Problem description: Exact copy, pictures excluded: please retype every record below.

Given records:
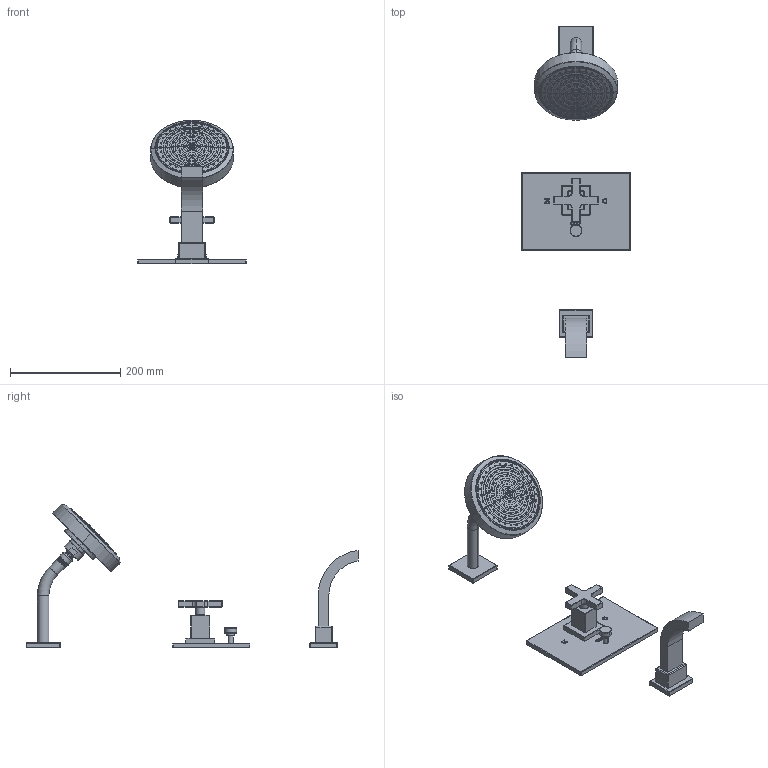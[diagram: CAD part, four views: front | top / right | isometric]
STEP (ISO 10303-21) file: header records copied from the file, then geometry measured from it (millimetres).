
FILE_DESCRIPTION((''),'2;1');
FILE_NAME('3-2062BP','2021-05-28T11:47:00',('jinson.thomas'),(''),'CREO PARAMETRIC BY PTC INC, 2018400','CREO PARAMETRIC BY PTC INC, 2018400','');
FILE_SCHEMA(('CONFIG_CONTROL_DESIGN'));
Length unit declared in the file: inch
Products named in the file (1): 3-2062BP
Bounding box: 196.85 x 601.47 x 259.98 mm (x, y, z)
Volume: 1157201.9 mm3; surface area: 184577.9 mm2
Topology: 3 solids, 3 shells, 1275 faces, 3287 edges, 2162 vertices
Faces by surface type: cylinder 302, torus 250, plane 200, cone 188, extrusion 178, sphere 142, bspline 15
Entity records: 49937 total; most frequent: CARTESIAN_POINT 19734, ORIENTED_EDGE 6574, DIRECTION 5767, EDGE_CURVE 3287, AXIS2_PLACEMENT_3D 2253, VERTEX_POINT 2162, EDGE_LOOP 1419, FACE_OUTER_BOUND 1275

Response below:
[diagram: CAD part, four views: front | top / right | isometric]
STEP (ISO 10303-21) file: header records copied from the file, then geometry measured from it (millimetres).
FILE_DESCRIPTION((''),'2;1');
FILE_NAME('3-2062BP','2021-05-28T11:47:00',('jinson.thomas'),(''),'CREO PARAMETRIC BY PTC INC, 2018400','CREO PARAMETRIC BY PTC INC, 2018400','');
FILE_SCHEMA(('CONFIG_CONTROL_DESIGN'));
Length unit declared in the file: inch
Products named in the file (1): 3-2062BP
Bounding box: 196.85 x 601.47 x 259.98 mm (x, y, z)
Volume: 1157201.9 mm3; surface area: 184577.9 mm2
Topology: 3 solids, 3 shells, 1275 faces, 3287 edges, 2162 vertices
Faces by surface type: cylinder 302, torus 250, plane 200, cone 188, extrusion 178, sphere 142, bspline 15
Entity records: 49937 total; most frequent: CARTESIAN_POINT 19734, ORIENTED_EDGE 6574, DIRECTION 5767, EDGE_CURVE 3287, AXIS2_PLACEMENT_3D 2253, VERTEX_POINT 2162, EDGE_LOOP 1419, FACE_OUTER_BOUND 1275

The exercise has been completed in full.